Stardust from before the birth of the Solar System is still around today and waiting to reveal the secrets of the Universe to astronomers.

“We are made of star stuff”, said the late, great Carl Sagan: a reference to the cyclical nature of birth and death across the cosmos, and the notion that both our planet and indeed our own bodies were forged from materials produced billions of years ago inside a red giant star.

Advertisement

But what is stardust, and what can it tell us about both ourselves and the history of the Solar System? We spoke to Maria Schönbächler, a professor of isotope geochemistry at ETH Zürich, Switzerland, and senior author of a study that examined the nature of stardust within our Solar System, to find out more.

Read more:

Maria Schönbächler, professor of isotope geochemistry at ETH Zürich, Switzerland.

What happened at the birth of the Solar System?

Our proposal is that dust from dying stars travels in the interstellar medium, gets incorporated in a so-called molecular cloud which collapses and forms new stars like our Sun. Around the new star is a dust disc out of which terrestrial planets like Earth will form.

This means there is stardust from red giants produced before our Solar System was created that is still around today. We see that this dust was not completely mixed in our Solar System – you still see a gradient with Earth having more of this red giant dust than Mars or the asteroids further away from the Sun.

It’s amazing that we can resolve this nowadays – for a long time we couldn’t and assumed everything in the pre-Solar System was well-mixed together.

How did you and your team examine the stardust composition of our Solar System?

We used a mass spectrometer to measure how many atoms of a specific weight (isotopes) you have of an element in a sample. With high precision you can resolve the fingerprints, like a signature, of stardust in normal bulk material such as a rock.

We looked at palladium isotopes in iron meteorites that come from asteroid samples. We had already done a similar study with zirconium isotopes, but to look at palladium we needed high precision measurements, which only became available recently.

A stream of charged particles emanating from red giant star R Aquilae. Credit: ALMA (ESO/NAOJ/NRAO), Decin et al.
A stream of charged particles emanating from red giant star R Aquilae. Credit: ALMA (ESO/NAOJ/NRAO), Decin et al.

What can looking at the stardust origins of Earth tell us?

What we and other researchers have discovered is that every planet or asteroid from which we have samples has its own isotopic signature. We also see that stardust has its own signature depending on whether it’s from specific stars, like red giants or supernovae.

In our study we found that Earth’s palladium fingerprint – a specific enrichment of a certain palladium isotope – suggests there is more red giant material.

How do you identify the chemical signatures of stardust from red giants?

You can predict with nuclear synthetic models which atoms would be produced in a red giant. You can also test actual stardust – some of it has survived in meteorites.It’s very small – smaller than the diameter of a hair – really fine dust that you can extract and measure.

On Earth any original stardust has been destroyed because our whole planet was once molten, but there are a few very primitive asteroids where the stardust from before the planets formed has survived.

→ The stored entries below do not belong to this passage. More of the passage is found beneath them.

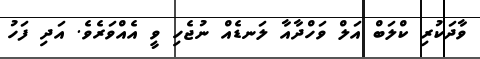
ވާދަކުރި ކްލަބް އަލް ވަހްދާއާ ލަނޑެއް ނުޖެހި ވީ އެއްވަރެވެ. އަދި ފަހު
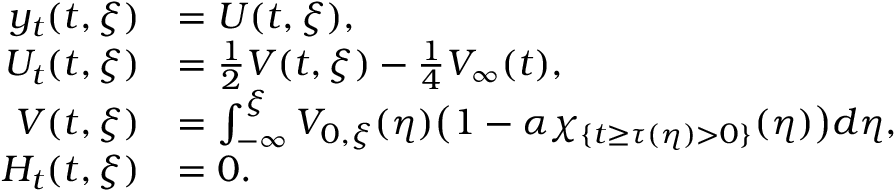
\begin{array} { r l } { y _ { t } ( t , \xi ) } & { = U ( t , \xi ) , } \\ { U _ { t } ( t , \xi ) } & { = \frac { 1 } { 2 } V ( t , \xi ) - \frac { 1 } { 4 } V _ { \infty } ( t ) , } \\ { V ( t , \xi ) } & { = \int _ { - \infty } ^ { \xi } V _ { 0 , \xi } ( \eta ) \big ( 1 - \alpha \chi _ { \{ t \geq \tau ( \eta ) > 0 \} } ( \eta ) \big ) d \eta , } \\ { H _ { t } ( t , \xi ) } & { = 0 . } \end{array}
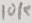
Text: 10K
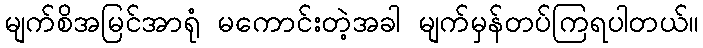
မျက်စိအမြင်အာရုံ မကောင်းတဲ့အခါ မျက်မှန်တပ်ကြရပါတယ်။
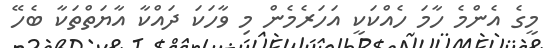
މީގެ އެންމެ ހާމަ ހެއްކަކީ އަހަރެމެން މި ވާހަކަ ދައްކާ އާޔަތްތަކާ ބެހޭ
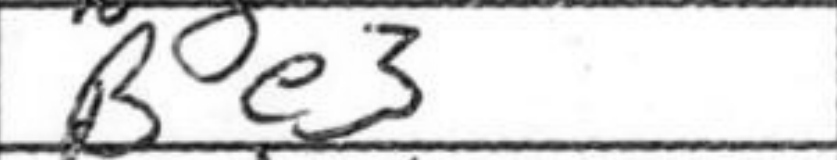
Transcription: Be3
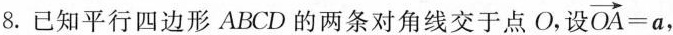
8. 已知平行四边形ABCD的两条对角线交于点O，设 $$\overrightarrow{OA}=a$$ ，
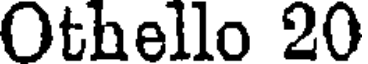
Othello 20
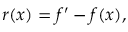
r ( x ) = f ^ { \prime } - f ( x ) ,
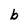
Character: b
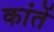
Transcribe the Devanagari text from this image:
कांतें
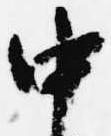
中
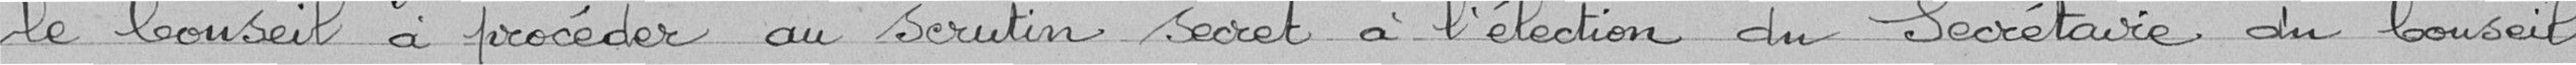
le Conseil à procéder au scrutin secret à l'élection du Secrétaire du Conseil

We know the dust must have been generated before our Sun formed. Our Solar System is 4.5 billion years old, and the stardust is ancient, from before that time.

Artist’s impression of a young star surrounded by a protoplanetary disc. Our Solar System may have looked like this in its infancy. Credit: ESO/L. Calçada
Scientists are looking for remnants of ancient red giant stars that were present in the dust disc out of which our Solar System formed. Credit: ESO/L. Calçada

What are the wider implications of your research?

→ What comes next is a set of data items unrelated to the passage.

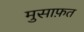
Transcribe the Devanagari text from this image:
मुसाफ़त
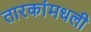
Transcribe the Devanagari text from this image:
तारकांमधली
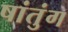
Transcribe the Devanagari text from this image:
षांतुंग
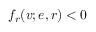
f _ { r } ( v ; e , r ) < 0
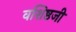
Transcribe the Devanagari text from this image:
वशिष्ठजी
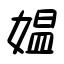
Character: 媼
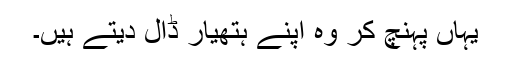
یہاں پہنچ کر وہ اپنے ہتھیار ڈال دیتے ہیں۔
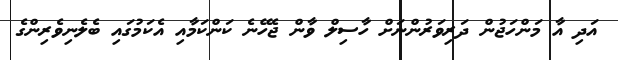
އަދި އާ މަންހަޖުން ދަރިވަރުންނަށް ހާސިލް ވާން ޖެހޭނެ ކަންކަމާއި އެކަމުގައި ބެލެނިވެރިންގެ

When the planets formed the Sun was still quite hot and destroyed a lot of the grains that were not red giant grains – those are very hard to destroy. Even though Earth is quite close to the Sun, the red giant dust has survived better than other dust as it is more robust to high temperatures.

We analysed zirconium in meteorites from Mars in a previous study and saw that they are depleted for the red giant signature. For our Solar System we can use this red giant signature as a tracer, as we know now that there was more of this stuff close to the Sun and less further out.

In the future we can make models of how Earth and the planets formed based on asteroidal material, as the asteroids are leftover planet building materials. It’s one part of the puzzle.

How does Carl Sagan’s quote that “we are made of star stuff” stand up, what does your research add?

Well, it’s correct! We are made of stardust and Earth has more red giant stardust than Mars. But our study also shows that much of this stardust was recycled many times before it was incorporated in Earth and our bodies. Not so much stardust really survived the formation of our Solar System.